After a tumultuous 12 months for superannuation, investors are looking to the 2017 financial year with fresh hope. Australian shares underwent a post-Brexit rally in July, which kicked in with full force, delivering a median balanced option return of 2.7%, according to SuperRatings data.
Given the strength of markets in July, the 12-month returns continue to show strong performance, with the top 10 funds returning between 4.6% and 7.0% for period.
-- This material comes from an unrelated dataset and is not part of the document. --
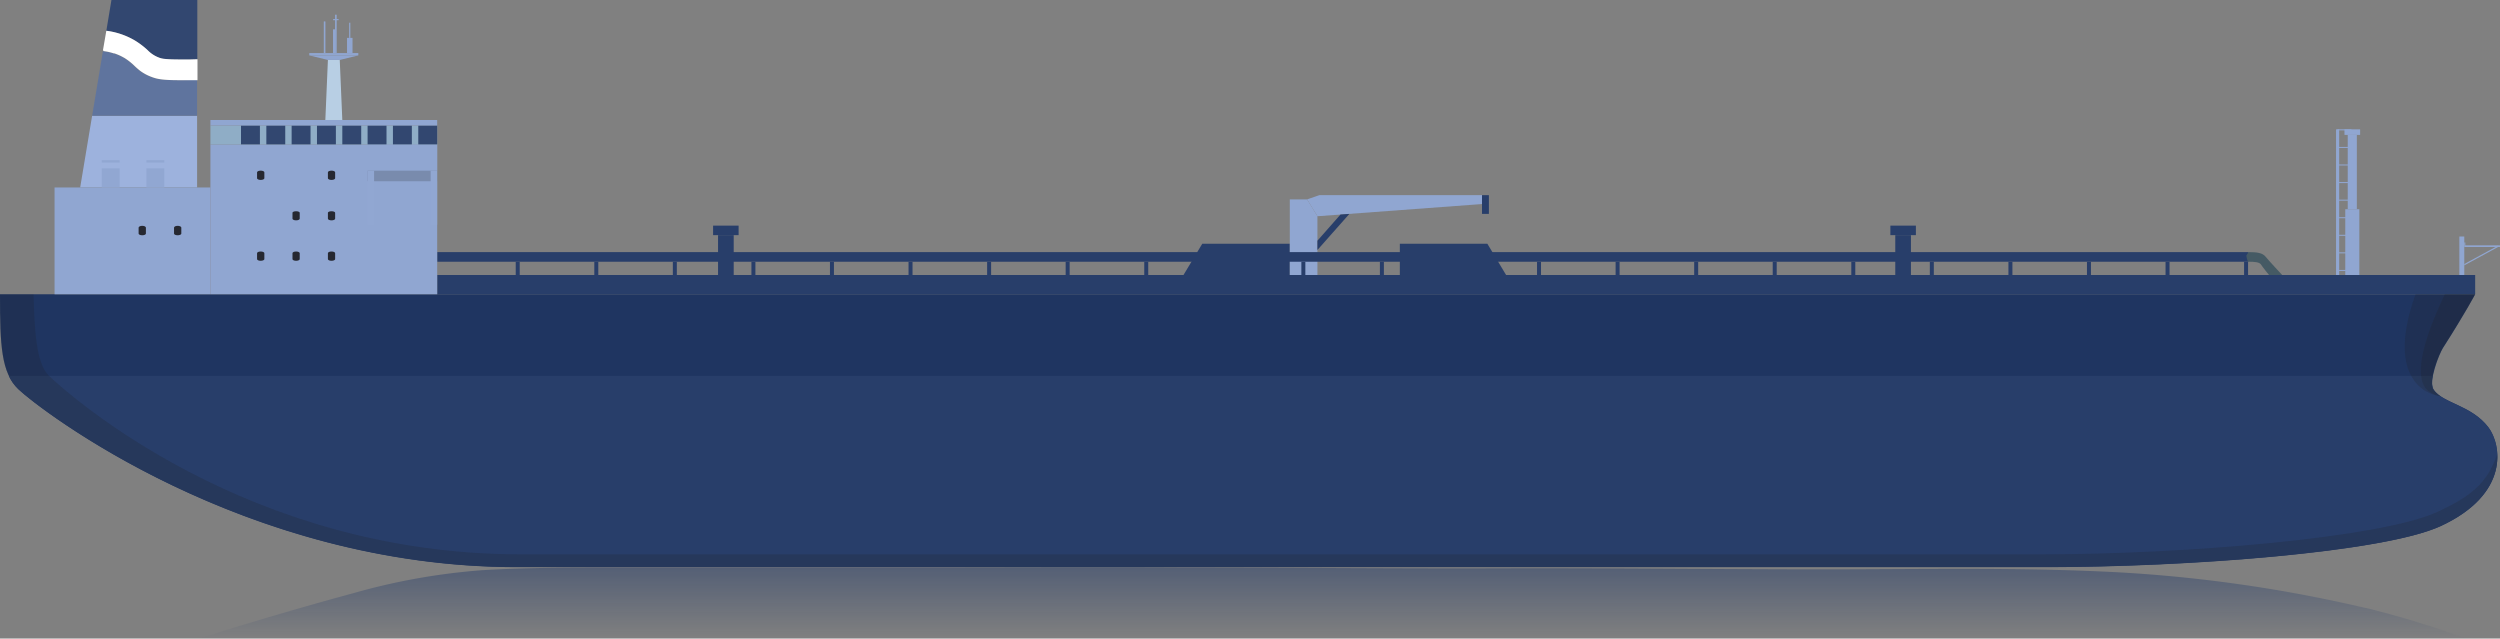 <svg xmlns="http://www.w3.org/2000/svg" xmlns:xlink="http://www.w3.org/1999/xlink" viewBox="0 0 439 112.13"><rect x="0" y="0" width="439" height="112.13" fill="#808080" stroke="none"/><defs><style>.cls-1{isolation:isolate;}.cls-2{fill:#9db2dd;}.cls-3{fill:#9fbdd6;}.cls-4{fill:#fff;}.cls-5{fill:#5f749e;}.cls-6{fill:#324770;}.cls-7{fill:#1f3561;}.cls-8{fill:#283e6a;}.cls-9{fill:#90a6d1;}.cls-10{fill:#455a64;}.cls-11{fill:#91a7d2;}.cls-12{fill:#b8cfe4;}.cls-13,.cls-17{mix-blend-mode:multiply;}.cls-14,.cls-17{fill:#212121;opacity:0.2;}.cls-15{fill:#8fadc6;}.cls-16{fill:#262831;}.cls-18{fill:url(#linear-gradient);}</style><linearGradient id="linear-gradient" x1="234" y1="99.61" x2="234" y2="112.13" gradientUnits="userSpaceOnUse"><stop offset="0" stop-color="#283e6a" stop-opacity="0.5"/><stop offset="1" stop-color="#283e6a" stop-opacity="0"/></linearGradient></defs><g class="cls-1"><g id="Layer_1" data-name="Layer 1"><polygon class="cls-2" points="14.08 32.92 34.61 32.92 34.61 20.32 16.18 20.32 14.08 32.92"/><path class="cls-3" d="M20,9.39a11.75,11.75,0,0,0-1.36-.34A11.75,11.75,0,0,1,20,9.39Z"/><path class="cls-3" d="M20.37,9.53l-.3-.11Z"/><path class="cls-3" d="M18.59,9.05,18.07,9Z"/><path class="cls-3" d="M33.44,14.05l-1.53,0Z"/><path class="cls-3" d="M20.85,9.72l-.24-.1Z"/><path class="cls-3" d="M21.32,10l-.18-.09Z"/><polygon class="cls-3" points="34.61 14.01 34.61 14.01 34.61 14.01 34.61 14.01"/><path class="cls-3" d="M34.61,10.41l-1.3.05,1.3-.05Z"/><path class="cls-4" d="M21.78,10.2,21.32,10Z"/><path class="cls-4" d="M21.14,9.86l-.29-.14Z"/><path class="cls-4" d="M34.61,14l-1.17,0Z"/><path class="cls-4" d="M18.6,9.05h0Z"/><path class="cls-4" d="M31.89,10.48l1.42,0Z"/><polygon class="cls-4" points="25.88 8.84 25.88 8.84 25.89 8.84 25.88 8.84"/><path class="cls-4" d="M20.07,9.42l-.11,0Z"/><path class="cls-4" d="M20.61,9.62l-.24-.09Z"/><path class="cls-5" d="M31.91,14.08h-.5c-2.85,0-3.82-.17-4.83-.56a8.07,8.07,0,0,1-2-1.06c-.43-.32-.8-.65-1.13-1a10.23,10.23,0,0,0-1.69-1.31A9.79,9.79,0,0,0,18.07,9L16.18,20.32H34.61V14C33.7,14.05,32.8,14.08,31.91,14.08Z"/><path class="cls-6" d="M19.57,0l-.9,5.42a13.26,13.26,0,0,1,5,1.69,14.15,14.15,0,0,1,2.26,1.73,5.6,5.6,0,0,0,2,1.32c.52.19,1.15.34,4,.32.9,0,1.81,0,2.72-.07V0Z"/><path class="cls-7" d="M0,51.67H434.64S433,54.82,429,61.08c-.71,1.12-2.63,6-1.64,7.36,1.7,2.41,6.64,2.69,9.6,6.58,2.33,3.06,3.79,11.7-8.32,17.32-10,4.65-44.65,7.22-69.32,7.22H90.74c-48,0-83.88-27.77-87.5-31.23C.21,65.44,0,60.64,0,51.67Z"/><rect class="cls-8" x="76.77" y="48.29" width="357.87" height="3.38"/><polygon class="cls-8" points="211.12 42.8 226.49 42.8 226.49 48.29 207.82 48.29 211.12 42.8"/><polygon class="cls-9" points="226.49 48.29 226.49 35.01 229.53 35.01 231.34 37.97 231.34 48.29 226.49 48.29"/><polygon class="cls-9" points="231.34 37.97 260.24 35.83 260.24 34.27 231.67 34.27 229.53 35.01 231.34 37.97"/><polygon class="cls-8" points="231.34 42.27 235.39 37.67 236.95 37.56 231.34 43.9 231.34 42.27"/><rect class="cls-8" x="260.24" y="34.27" width="1.21" height="3.29"/><polygon class="cls-8" points="261.18 42.8 245.81 42.8 245.81 48.29 264.47 48.29 261.18 42.8"/><rect class="cls-8" x="332.81" y="41.29" width="2.75" height="7.01"/><rect class="cls-8" x="331.95" y="39.62" width="4.48" height="1.67"/><rect class="cls-8" x="126.09" y="41.29" width="2.75" height="7.01"/><rect class="cls-8" x="125.22" y="39.62" width="4.48" height="1.67"/><rect class="cls-8" x="76.77" y="44.27" width="318.07" height="1.69"/><path class="cls-10" d="M394.84,44.27c1.54,0,2.46.14,3,.81s2.91,3.21,2.91,3.21h-2.31S397.38,47,397,46.41c-.28-.36-1-.45-2.11-.45-.32,0-.43-1.09-.43-1.09Z"/><rect class="cls-9" x="411.83" y="36.74" width="2.47" height="11.55"/><rect class="cls-9" x="412.26" y="23.69" width="1.6" height="13.04"/><rect class="cls-9" x="411.69" y="22.71" width="2.75" height="0.98"/><rect class="cls-9" x="431.86" y="41.53" width="0.87" height="6.76"/><rect class="cls-9" x="410.21" y="22.71" width="0.55" height="25.58"/><polygon class="cls-9" points="432.91 43.08 432.91 42.58 432.73 42.58 432.73 43.08 432.73 43.37 439 43.37 439 43.08 432.91 43.08"/><rect class="cls-9" x="410.46" y="22.71" width="2.46" height="0.18"/><rect class="cls-9" x="410.46" y="25.8" width="2.46" height="0.18"/><rect class="cls-9" x="410.46" y="28.88" width="2.46" height="0.18"/><rect class="cls-9" x="410.46" y="31.97" width="2.46" height="0.18"/><rect class="cls-9" x="410.46" y="35.06" width="2.46" height="0.18"/><rect class="cls-9" x="410.46" y="38.14" width="2.46" height="0.18"/><rect class="cls-9" x="410.46" y="41.23" width="2.46" height="0.18"/><rect class="cls-9" x="410.46" y="44.31" width="2.46" height="0.18"/><rect class="cls-9" x="410.46" y="47.4" width="2.46" height="0.18"/><polygon class="cls-9" points="438.67 43.37 432.73 46.6 432.73 46.36 438.67 43.13 438.67 43.37"/><rect class="cls-9" x="36.95" y="25.35" width="39.82" height="26.32"/><rect class="cls-9" x="9.58" y="32.92" width="27.37" height="18.75"/><rect class="cls-11" x="17.87" y="28.13" width="3.14" height="4.79"/><rect class="cls-2" x="17.37" y="28.54" width="4.13" height="1.02"/><rect class="cls-11" x="25.71" y="28.13" width="3.14" height="4.79"/><rect class="cls-2" x="25.22" y="28.54" width="4.13" height="1.02"/><rect class="cls-9" x="64.55" y="25.35" width="12.21" height="4.62"/><polygon class="cls-12" points="59.66 10.53 58.62 10.53 57.58 10.53 57.13 21.07 58.62 21.07 60.11 21.07 59.66 10.53"/><polygon class="cls-9" points="58.62 9.73 54.31 9.73 57.58 10.53 58.62 10.53 59.66 10.53 62.93 9.73 58.62 9.73"/><g class="cls-13"><rect class="cls-14" x="64.55" y="29.97" width="12.21" height="1.86"/></g><rect class="cls-11" x="64.55" y="29.97" width="1.14" height="9.49"/><rect class="cls-11" x="75.62" y="29.97" width="1.14" height="9.49"/><rect class="cls-15" x="36.95" y="22.03" width="39.82" height="3.32"/><rect class="cls-6" x="73.45" y="22.03" width="3.32" height="3.32"/><rect class="cls-6" x="69" y="22.03" width="3.32" height="3.32"/><rect class="cls-6" x="64.55" y="22.03" width="3.32" height="3.32"/><rect class="cls-6" x="60.11" y="22.03" width="3.32" height="3.32"/><rect class="cls-6" x="55.66" y="22.03" width="3.32" height="3.32"/><rect class="cls-6" x="51.21" y="22.03" width="3.32" height="3.32"/><rect class="cls-6" x="46.77" y="22.03" width="3.32" height="3.32"/><rect class="cls-6" x="42.32" y="22.03" width="3.32" height="3.32"/><rect class="cls-9" x="36.95" y="21.07" width="39.82" height="0.96"/><path class="cls-16" d="M45.14,30.28v1c0,.42,1.28.42,1.28,0v-1C46.42,29.86,45.14,29.86,45.14,30.28Z"/><path class="cls-16" d="M57.58,30.28v1c0,.42,1.27.42,1.27,0v-1C58.85,29.86,57.58,29.86,57.58,30.28Z"/><path class="cls-16" d="M57.58,37.38v1c0,.42,1.27.42,1.27,0v-1C58.85,37,57.58,37,57.58,37.38Z"/><path class="cls-16" d="M57.58,44.48v1c0,.42,1.27.42,1.27,0v-1C58.85,44.06,57.58,44.06,57.58,44.48Z"/><path class="cls-16" d="M51.36,37.38v1c0,.42,1.27.42,1.27,0v-1C52.63,37,51.36,37,51.36,37.38Z"/><path class="cls-16" d="M51.36,44.48v1c0,.42,1.27.42,1.27,0v-1C52.63,44.06,51.36,44.06,51.36,44.48Z"/><path class="cls-16" d="M45.14,44.48v1c0,.42,1.28.42,1.28,0v-1C46.42,44.06,45.14,44.06,45.14,44.48Z"/><rect class="cls-9" x="54.31" y="9.32" width="8.61" height="0.41"/><rect class="cls-9" x="56.86" y="3.76" width="0.28" height="5.56"/><rect class="cls-9" x="58.84" y="2.58" width="0.28" height="6.74"/><rect class="cls-9" x="58.48" y="5.15" width="0.36" height="4.17"/><rect class="cls-9" x="60.94" y="6.65" width="0.96" height="2.67"/><rect class="cls-9" x="61.31" y="3.99" width="0.21" height="2.67"/><rect class="cls-9" x="58.5" y="3.34" width="0.96" height="0.21"/><path class="cls-16" d="M30.56,40v1c0,.42,1.28.42,1.28,0V40C31.84,39.54,30.56,39.54,30.56,40Z"/><path class="cls-16" d="M24.34,40v1c0,.42,1.28.42,1.28,0V40C25.62,39.54,24.34,39.54,24.34,40Z"/><path class="cls-8" d="M1.55,66a7.71,7.71,0,0,0,1.69,2.36c3.62,3.46,39.47,31.23,87.5,31.23H359.3c24.67,0,59.29-2.57,69.32-7.22,12.11-5.62,10.65-14.26,8.32-17.32-3-3.89-7.9-4.17-9.6-6.58A3.55,3.55,0,0,1,427.2,66Z"/><path class="cls-17" d="M425.58,68.45a7.77,7.77,0,0,0,3,1.15,4.51,4.51,0,0,1-1.25-1.16c-1-1.4.93-6.24,1.64-7.36,4-6.26,5.66-9.41,5.66-9.41H424.18C423.16,54.49,419.78,64.35,425.58,68.45Z"/><path class="cls-17" d="M426,68.27a5,5,0,0,0,2.57,1.33,4.51,4.51,0,0,1-1.25-1.16c-1-1.4.93-6.24,1.64-7.36,4-6.26,5.66-9.41,5.66-9.41H429.3C428.43,53.68,423,64.52,426,68.27Z"/><path class="cls-17" d="M428.1,89.85c-10,4.65-44.87,7.49-69.43,7.49H91.31C43.5,97.34,12.21,69.43,8.6,66c-2.35-2.26-2.54-8.63-2.71-14.3H0c0,9,.21,13.77,3.24,16.66,3.62,3.46,39.47,31.23,87.5,31.23H359.3c24.67,0,59.29-2.57,69.32-7.22,8-3.72,10.08-8.75,9.89-12.62C436.78,84.85,433.88,87.16,428.1,89.85Z"/><rect class="cls-8" x="90.56" y="45.96" width="0.7" height="2.33"/><rect class="cls-8" x="104.36" y="45.96" width="0.7" height="2.33"/><rect class="cls-8" x="118.15" y="45.96" width="0.7" height="2.33"/><rect class="cls-8" x="131.95" y="45.96" width="0.7" height="2.33"/><rect class="cls-8" x="145.74" y="45.96" width="0.7" height="2.33"/><rect class="cls-8" x="159.54" y="45.96" width="0.7" height="2.33"/><rect class="cls-8" x="173.34" y="45.96" width="0.7" height="2.33"/><rect class="cls-8" x="187.13" y="45.96" width="0.7" height="2.33"/><rect class="cls-8" x="200.93" y="45.96" width="0.7" height="2.33"/><rect class="cls-8" x="214.72" y="45.96" width="0.7" height="2.33"/><rect class="cls-8" x="228.52" y="45.96" width="0.7" height="2.33"/><rect class="cls-8" x="242.31" y="45.96" width="0.7" height="2.33"/><rect class="cls-8" x="256.11" y="45.96" width="0.7" height="2.33"/><rect class="cls-8" x="269.9" y="45.96" width="0.7" height="2.33"/><rect class="cls-8" x="283.7" y="45.96" width="0.7" height="2.33"/><rect class="cls-8" x="297.5" y="45.96" width="0.7" height="2.33"/><rect class="cls-8" x="311.29" y="45.96" width="0.7" height="2.33"/><rect class="cls-8" x="325.09" y="45.96" width="0.7" height="2.33"/><rect class="cls-8" x="338.88" y="45.96" width="0.7" height="2.33"/><rect class="cls-8" x="352.68" y="45.96" width="0.7" height="2.33"/><rect class="cls-8" x="366.47" y="45.96" width="0.7" height="2.33"/><rect class="cls-8" x="380.27" y="45.96" width="0.7" height="2.33"/><rect class="cls-8" x="394.06" y="45.96" width="0.7" height="2.33"/><path class="cls-4" d="M33.35,10.44l-1.43,0c-2.89,0-3.51-.13-4-.33a5.4,5.4,0,0,1-2-1.31h0A13.9,13.9,0,0,0,23.67,7.1a13.11,13.11,0,0,0-5-1.7l-.59,3.42h.06l0,.14h0l.51.08h0A9.32,9.32,0,0,1,20,9.38l.12,0,.3.11.23.09.24.1.3.14.18.09.46.25a10.11,10.11,0,0,1,1.68,1.3,13,13,0,0,0,1.14,1,8,8,0,0,0,2,1.06c1,.38,2,.56,4.84.56h.49l1.54,0,1.16,0h0V10.4Z"/><path class="cls-18" d="M433,112.13H35q13.49-4.29,27.17-8a113.13,113.13,0,0,1,22.47-4c8-.48,15.94-.47,23.91-.47q27.08,0,54.13,0c15,0,30.09-.09,45.13,0h.55c18.3,0,36.6.2,54.9.14s36.35.15,54.52.18,36.22-.43,54.23.52a250.92,250.92,0,0,1,40.83,5.68l3.4.77A165.67,165.67,0,0,1,433,112.13Z"/></g></g></svg>

The following table shows the top 10 Balanced Options for the 12-months to 31 July 2016:
| Superannuation Fund | Return for the 12-months to 31 July |
| BUSSQ Premium Choice – Balanced Growth | 7.0% |
| Catholic Super – Balanced | 6.4% |
| UniSuper Accumulation (1) – Balanced | 6.1% |
| MTAA Super – MyAuto Super | 5.9% |
| Cbus – Growth | 5.9% |
| HOSTPLUS – Balanced | 5.6% |
| REI Super – Balanced | 5.5% |
| Energy Super – Balanced | 5.3% |
| AMIST Super – Balanced | 4.9% |
| CareSuper – Balanced | 4.6% |
“The returns for the month of July clearly demonstrate the varying asset allocations between super funds across both sectors of the industry”, said Mr Bresnahan. “With strong equity markets dominating performance in July, the retail funds, who generally maintain higher allocations to listed assets, have performed strongly”. “Over the rolling 12-month period, however, the strength of the performance of not for profit funds is evident, with all of the top 10 funds coming from this sector of the market, resulting from greater allocations to unlisted assets as equities remained volatile over the year.”